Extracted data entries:
════════════════

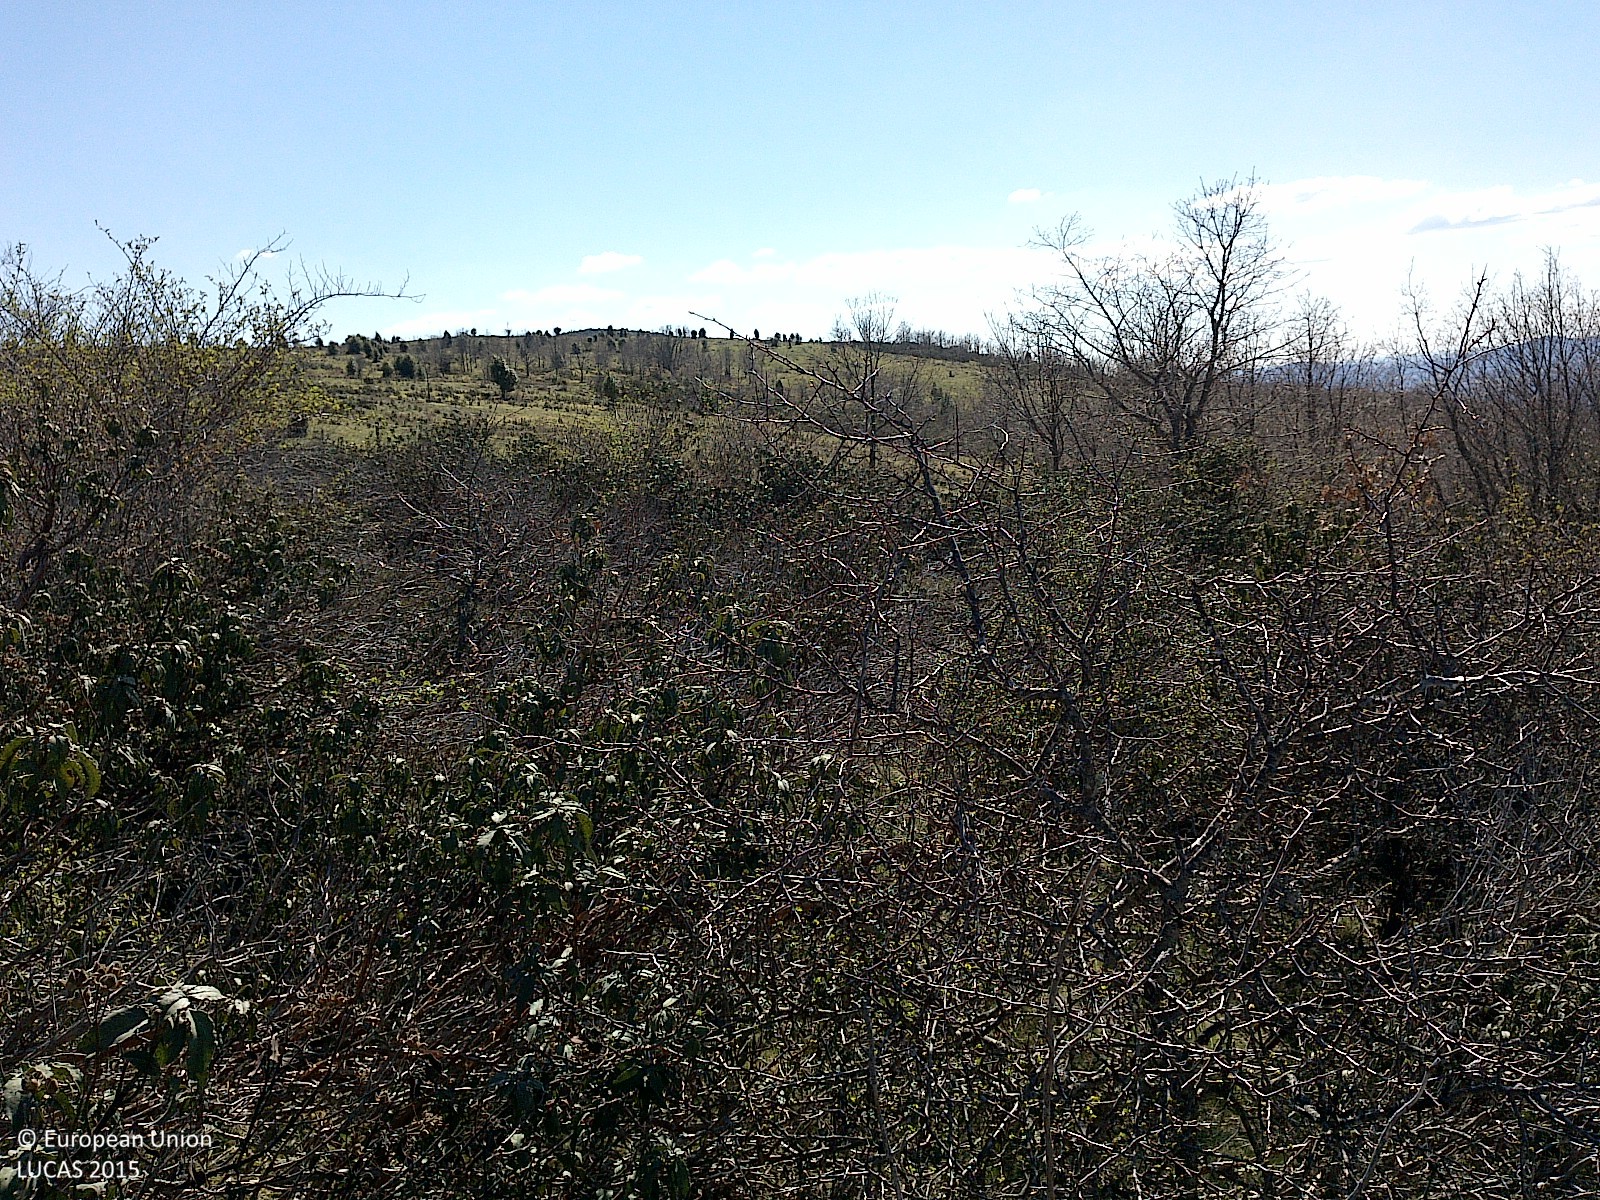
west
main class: Shrubland
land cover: Shrubland with sparse tree cover
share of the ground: > 75 %
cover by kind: shrubs 80 %, herbaceous plants 15 %, broadleaved forest trees 5 %
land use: Agriculture (excluding fallow land and kitchen gardens)
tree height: < 5 m
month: April
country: ES
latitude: 42.0943
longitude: -3.2176
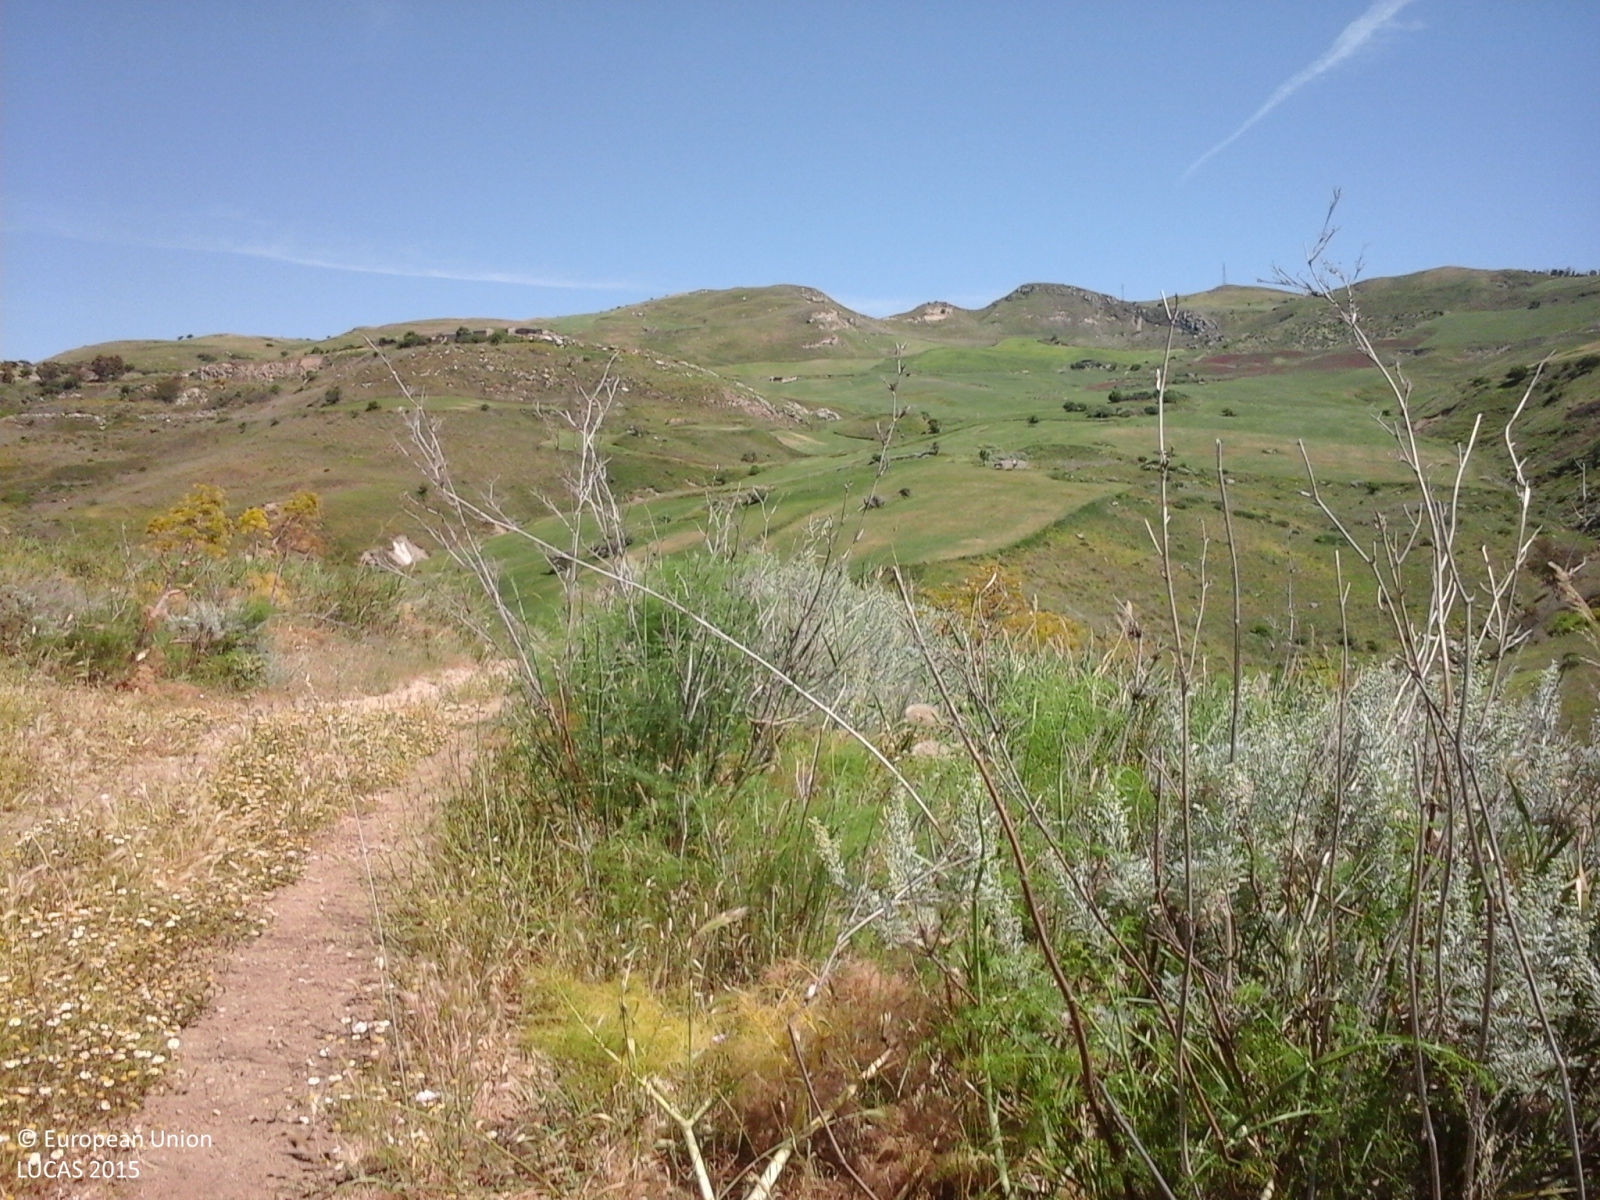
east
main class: Grassland
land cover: Grassland without tree/shrub cover
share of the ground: > 75 %
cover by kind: herbaceous plants 100 %
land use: Agriculture (excluding fallow land and kitchen gardens)
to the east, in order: Grassland without tree/shrub cover; Temporary grasslands; Grassland without tree/shrub cover
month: May
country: IT
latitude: 37.5911
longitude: 13.9910
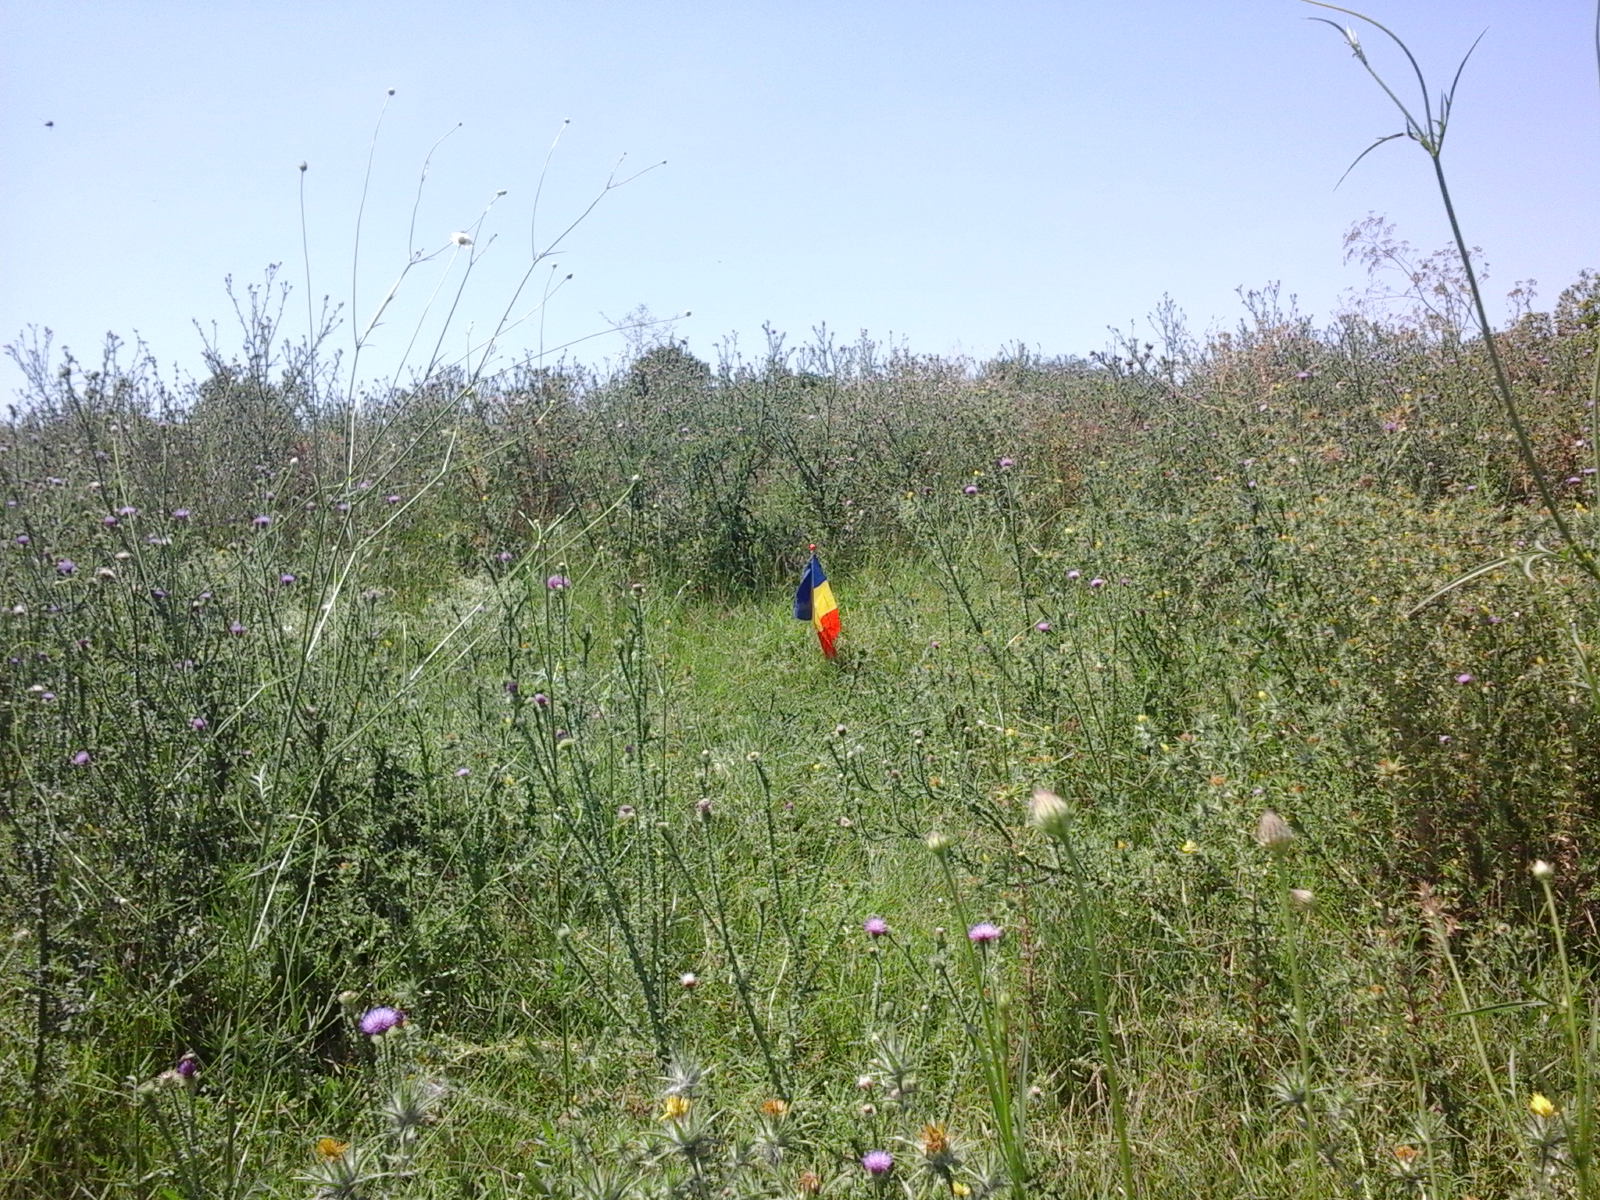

════════════════

◆ **EXERCISE OBJECTIVE**
Word for word, give the entries above again, with no images included.

◆ **ANSWER TO THIS TASK**
west
main class: Shrubland
land cover: Shrubland with sparse tree cover
share of the ground: > 75 %
cover by kind: shrubs 80 %, herbaceous plants 15 %, broadleaved forest trees 5 %
land use: Agriculture (excluding fallow land and kitchen gardens)
tree height: < 5 m
month: April
country: ES
latitude: 42.0943
longitude: -3.2176
east
main class: Grassland
land cover: Grassland without tree/shrub cover
share of the ground: > 75 %
cover by kind: herbaceous plants 100 %
land use: Agriculture (excluding fallow land and kitchen gardens)
to the east, in order: Grassland without tree/shrub cover; Temporary grasslands; Grassland without tree/shrub cover
month: May
country: IT
latitude: 37.5911
longitude: 13.9910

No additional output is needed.